Tesco Butterpak Salt Spread

£2.09 for 500g (42 pieces/100g)

It has a soft texture, like a pale, thick tub of cream. It’s quite oily and you can smell it. While butter isn’t bad, it’s still not butter to me. It leaves a strange peppery roughness behind the palette.

Lurpak Lightly Salted Spreadable

£4.46 for 500g (89p/100g) at Tesco

Very oily, grape seed taste. The foretaste has a buttery note, but eventually flattens out.

Capa Spreadable Butter and Rapeseed Oil Mixture

£3.35 for 400g (84p/100g) at Sainsbury’s

It looks soft and shiny like margarine but tastes like cheap butter.
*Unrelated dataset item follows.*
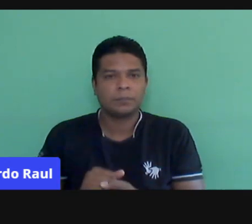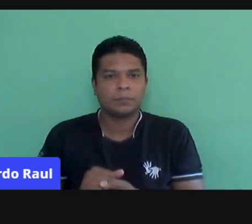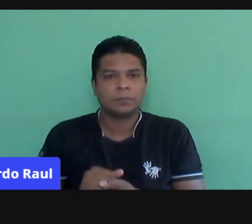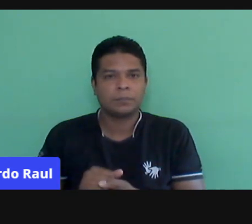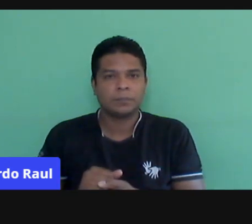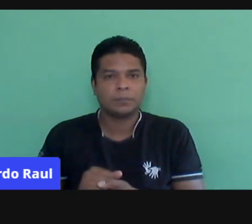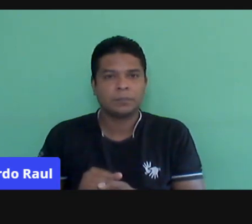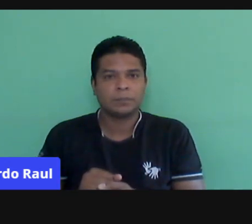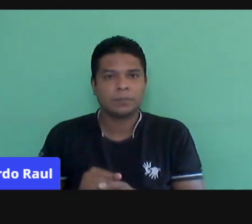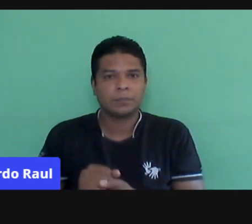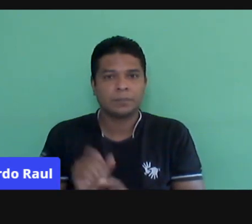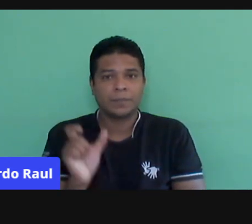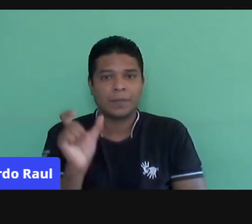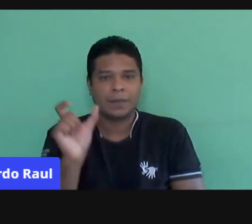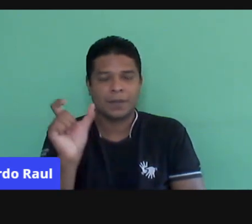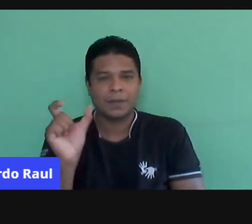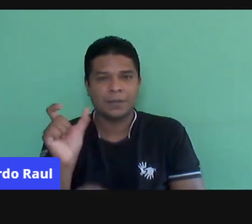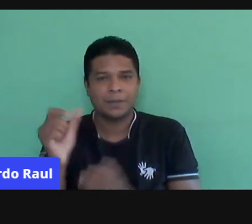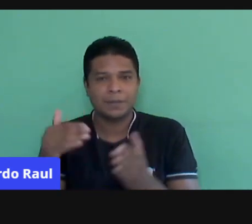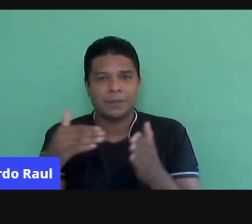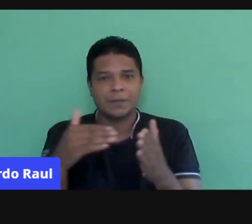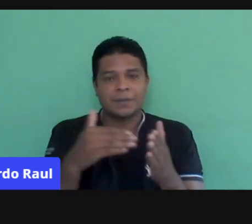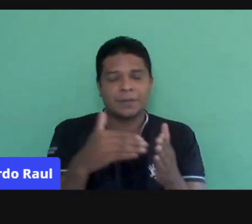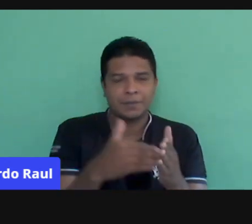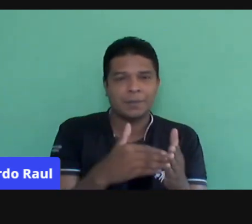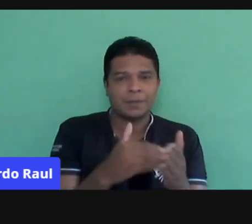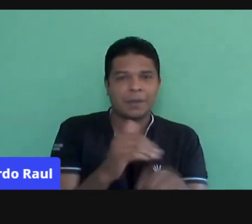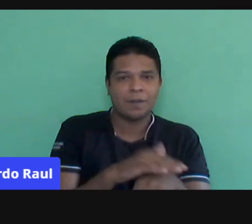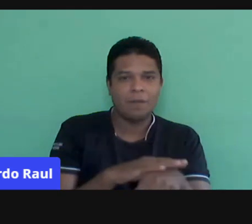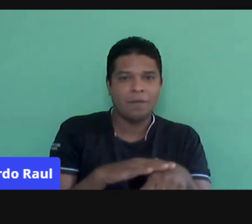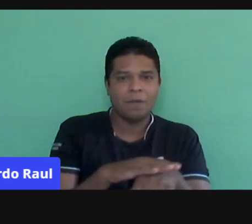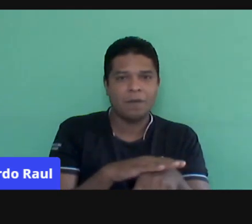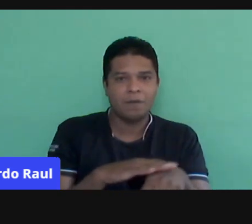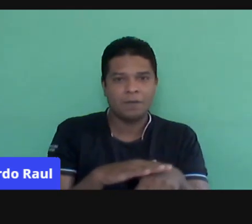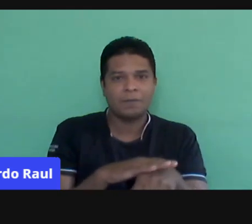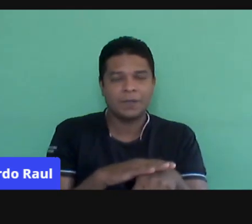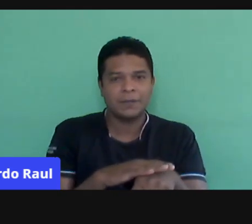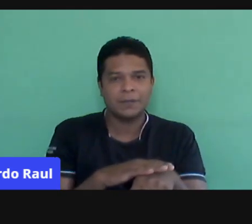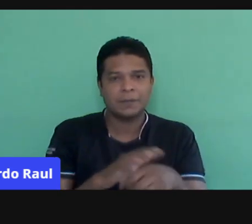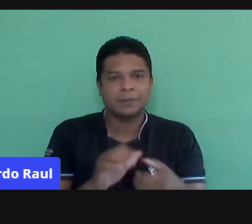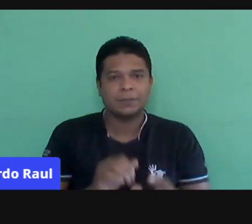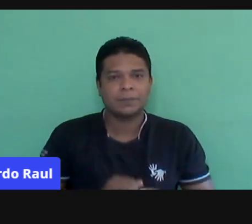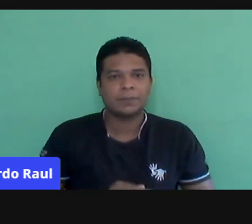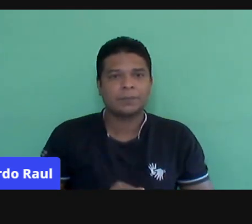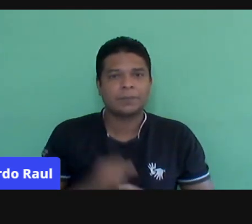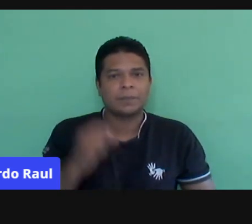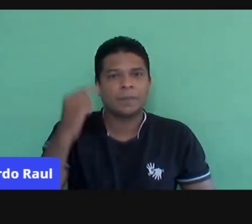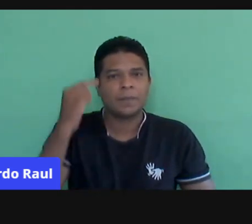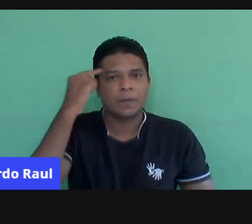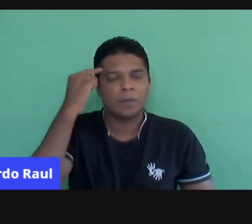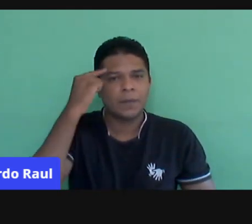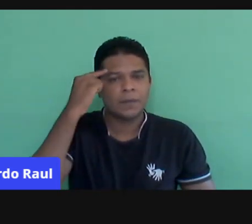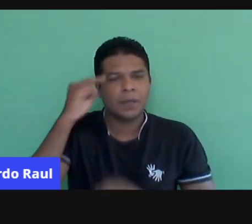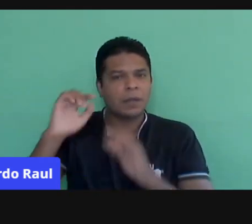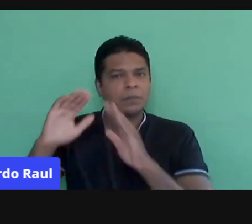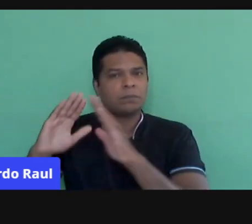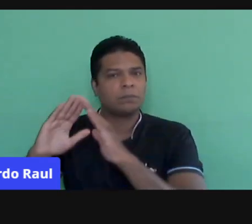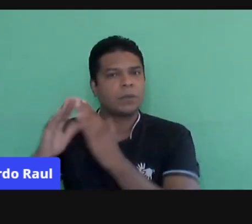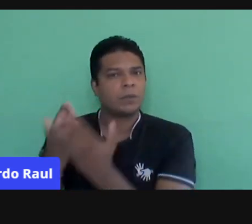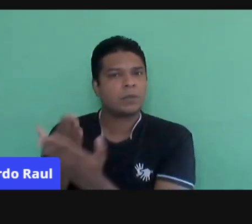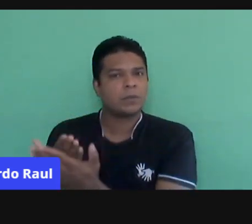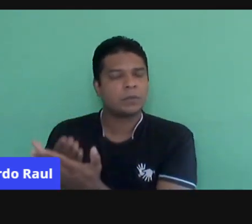frases finais, né? Terça dessa conversa, e dizer que, vamos pensar na nossa rede, né?
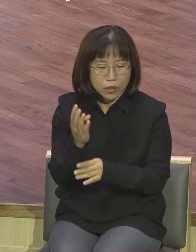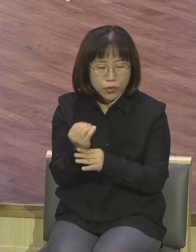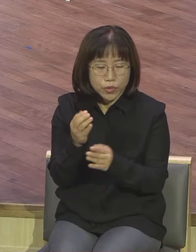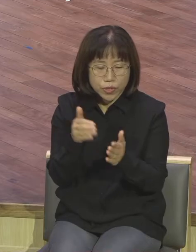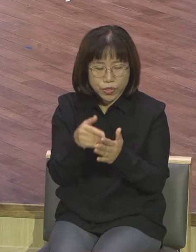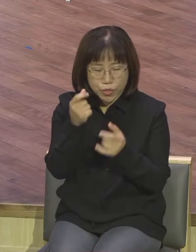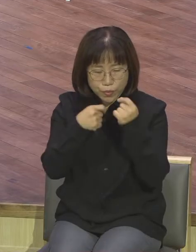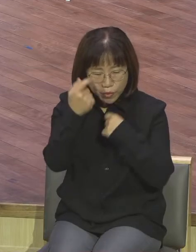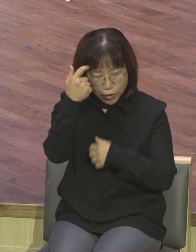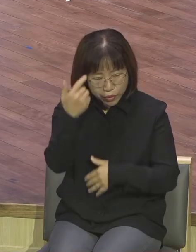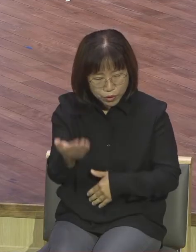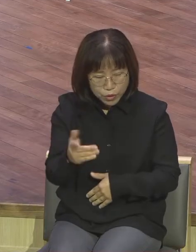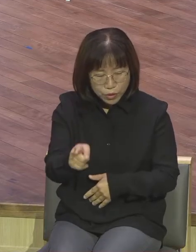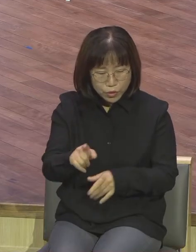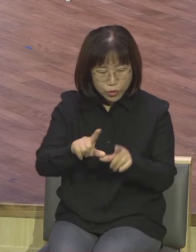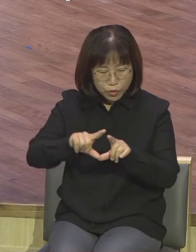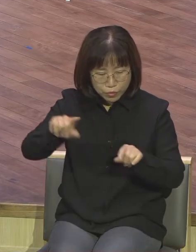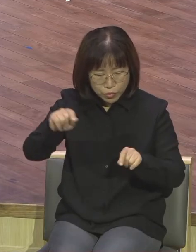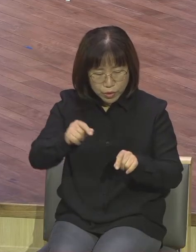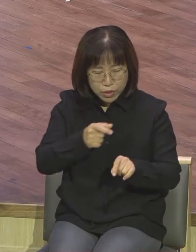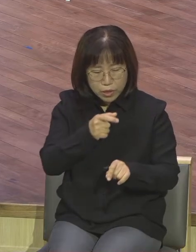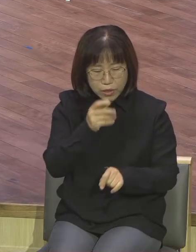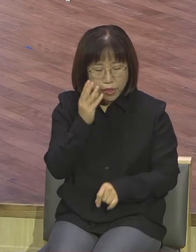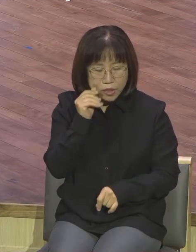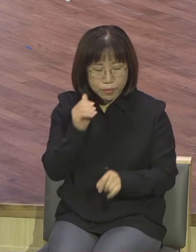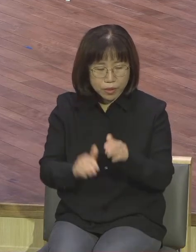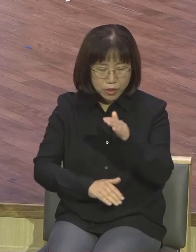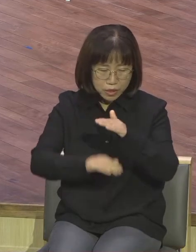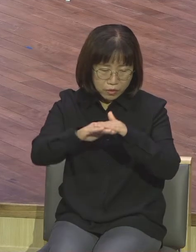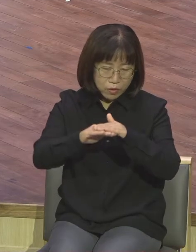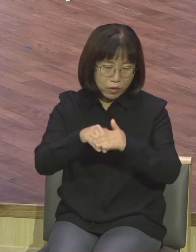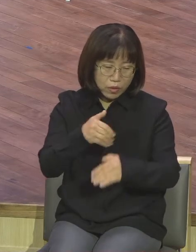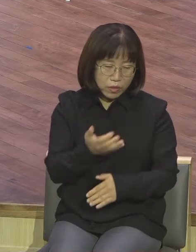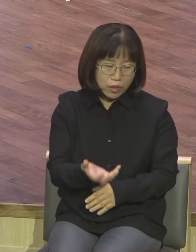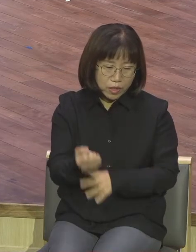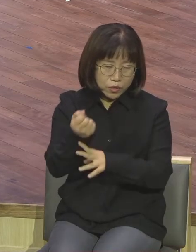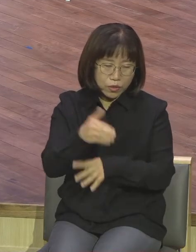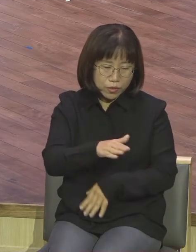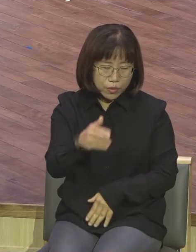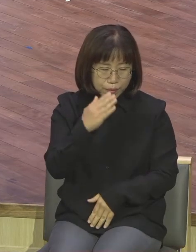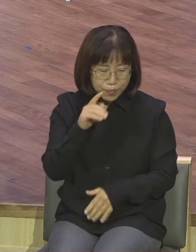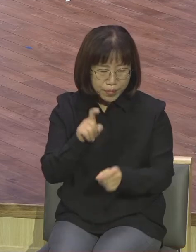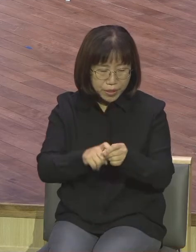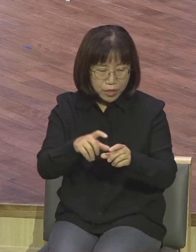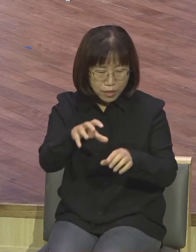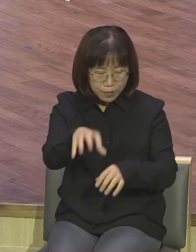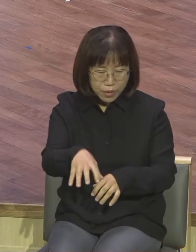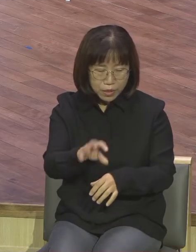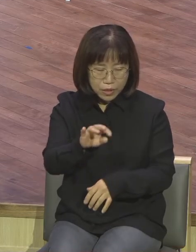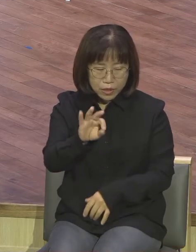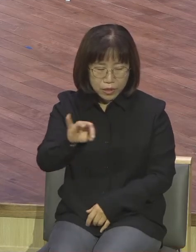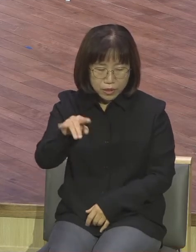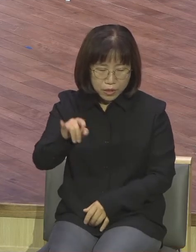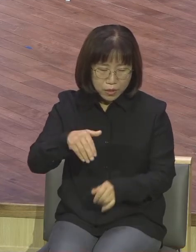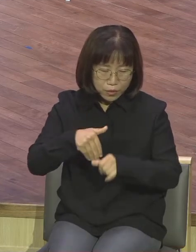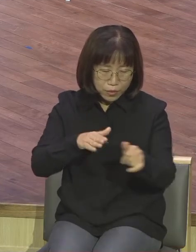언제까지 슬퍼하겠느냐 너는 뿔에 기름을 채워가지고 가라 내가 너를 베들렘 사람 이세에게로 보내리니

It has a strange, wheaty and biscuity taste; Suitable for toast.

Aldi Greenvale Valley Spread

£2.09 for 500g (42 pieces/100g)

It is very similar to Anchor. It is very soft and primrose in color with a light oil aroma. The oil is relatively muted and has some buttery notes, but the oiliness appears when heated.

Lidl Dairy Manor British Spread Lightly Salted

Price T/C

It is very similar to the previous two. It has a slightly buttery, oily aroma. It’s a nice salt spray, but overall it’s a bit ordinary.

Waitrose Spreadables

£2.40 for 500g (48p/100g)

If you want something with less salt, go for this. Very oily and pale. I don’t really like the smell, but it has butter notes.

Kerrygold Pure Irish Butter

£2.55 for 250g (£1.02/100g) at Sainsbury’s

It appears yellow and has a strong buttery taste; There is no oil note. It’s quite salty and I’m not sure about its waxy texture. But it’s definitely reliable and I wouldn’t judge whether this was served in a cafe.

spreadable butterspreadable butter

spreadable butter

Président Spreadable Lightly Salted

£2.75 for 250g at Ocado (£1.10/100g)

It’s all butter and no oil here, but it’s still spreadable despite being on the firm side. For lovers of continental-style cultured butter, here’s one with a cheesy flavor. Butter with character.

M&S Soft Butter

£2.80 for 250g (£1.12/100g) at Ocado

It’s actually just butter; Just by looking at the texture I can tell that this contains no oil. I’m not sure if it’s spreadable straight out of the fridge, but it would be great if spread thickly on toast.

Butterworks Spreadable West Country Butter

£2.40 for 250g at Waitrose (96p/100g)

Smoothly spreadable, it’s a bit bland at first but settles into a good buttery taste without the oily taste. The packaging needs careful inspection to realize that it is not pure butter but a mixture of oil and butter.

Morrisons Spread with Real Butter

£1.97 for 450g (44p/100g)

It has a higher butterfat content than some, but it has a slowly spreading flavor rather than cheap butteriness, and it’s not greasy at all. One you can use as a dip and for spreading. Best in terms of value.